Os vizinhos dizem que sua mãe lhe chamava de nomes tão ruins que eles se encolhiam ao ouvir as palavras que ecoavam pelos bosques que cobrem a maior parte da ilha de Camano, em Puget Sound. Colegas dizem que ele era agressivo na escola.

Mas talvez o seu apelido mais benigno seja o mais revelador. Muito antes de o roubo de barcos e aviões ter feito dele um especialista em fuga e anti-herói da internet, Harris-Moore, 19, era suspeito de roubar cookies e pizzas congeladas da família Kostelyk, algumas ruas acima da sua miserável casa em um trailer localizado em um beco sem saída a uma hora de Seattle.

A família Kostelyks tinha uma propriedade a beira-mar e um freezer cheio de alimentos. Ele morava no interior da ilha e não tinha nada para comer.

"Nós o chamávamos de 'Island Boy' (menino da ilha, em tradução livre)", lembrou Linda Johnson, cuja mãe, Maxine Kostelyk, esteve entre as primeiras vítimas de Harris-Moore. "Ele sempre voltava e levava pizzas congeladas, biscoitos, sorvetes.
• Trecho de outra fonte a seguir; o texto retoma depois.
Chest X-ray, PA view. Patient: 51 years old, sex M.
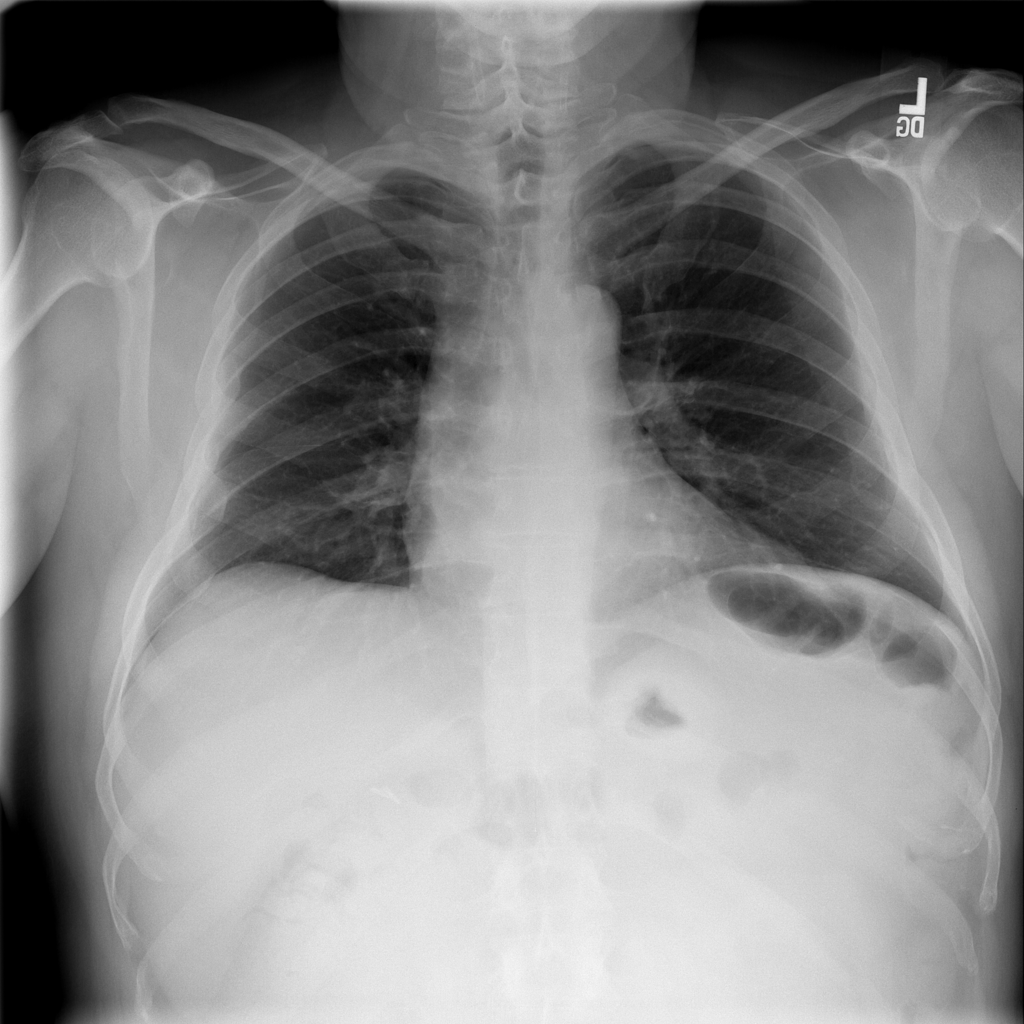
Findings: No Finding
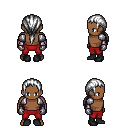
a pixel art fantasy rpg character, male body template, human, dark skin, steel arm armor, red pants, white ponytail hairstyle, metal gloves, black shoes, four views (front, back, left, right), 2x2 character sprite sheet, small pixel art, hard edges, no anti-aliasing
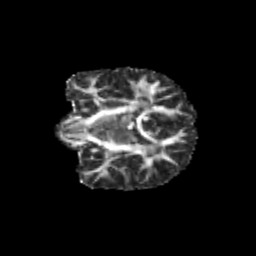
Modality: FA
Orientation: coronal
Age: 11
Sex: male
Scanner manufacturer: siemens
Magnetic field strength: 3 T
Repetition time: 3.8 s
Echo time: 0.07 s
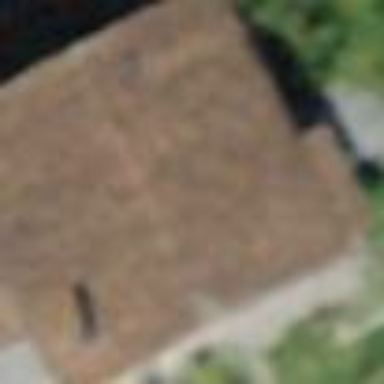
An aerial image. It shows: Detached building.
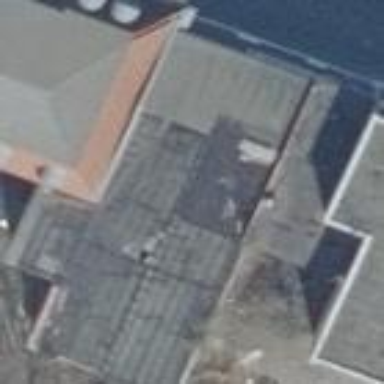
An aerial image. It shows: Building.
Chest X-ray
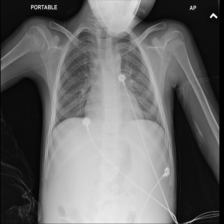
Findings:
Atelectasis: negative
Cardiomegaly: negative
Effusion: negative
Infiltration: negative
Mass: negative
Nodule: negative
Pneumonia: negative
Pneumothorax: negative
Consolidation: negative
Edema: negative
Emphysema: negative
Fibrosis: negative
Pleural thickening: negative
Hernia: negative
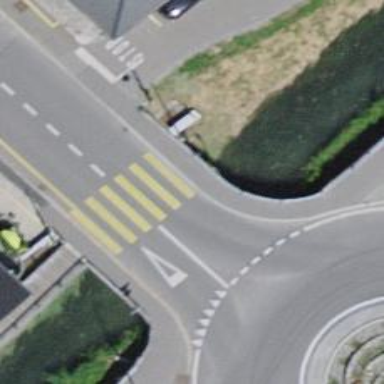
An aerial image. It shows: Uncontrolled footway crossing with markings.
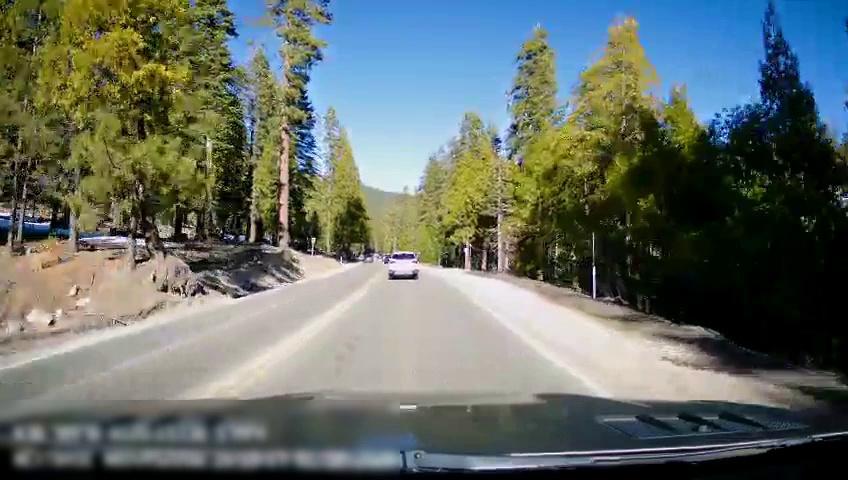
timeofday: Day
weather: Sunny
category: Drivable Space
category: Vehicles | SUV
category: Lanes | Opposite Lane
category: Lanes | Current Lane
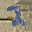
Label: 2
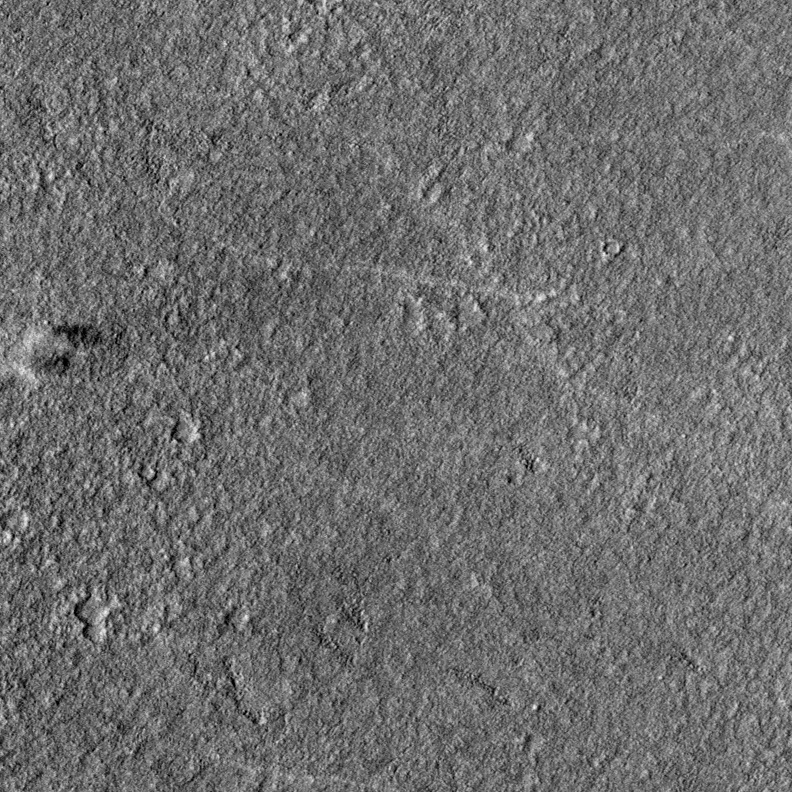
Label: dustdevil
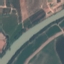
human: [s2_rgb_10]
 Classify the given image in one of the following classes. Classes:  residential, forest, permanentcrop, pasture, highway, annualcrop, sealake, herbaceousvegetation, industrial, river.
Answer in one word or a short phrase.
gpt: River

Ele era um garoto alto e ainda estava crescendo".

Até ser capturado em uma lancha roubada na semana passada nas Bahamas, fugindo da polícia como em um jogo de gato e rato, Harris-Moore, com seus 1m88, havia se tornado uma sensação. Depois de escapar de uma casa de recuperação juvenil há mais de dois anos, ele iludiu as autoridades americanas com sua inteligência e astúcia, muitas vezes sem nada nos pés. A polícia disse que ele armou moradias improvisadas em casas vazias por dias ou semanas e, de alguma forma, aprendeu a voar, dominar a arte da aterrissagem forçada e fugir.

Mesmo na era dos sites de busca, Harris-Moore parecia irreconhecível e impossível de encontrar, quase como um jovem parte Huck Finn de alta tecnologia, parte astuto criminoso.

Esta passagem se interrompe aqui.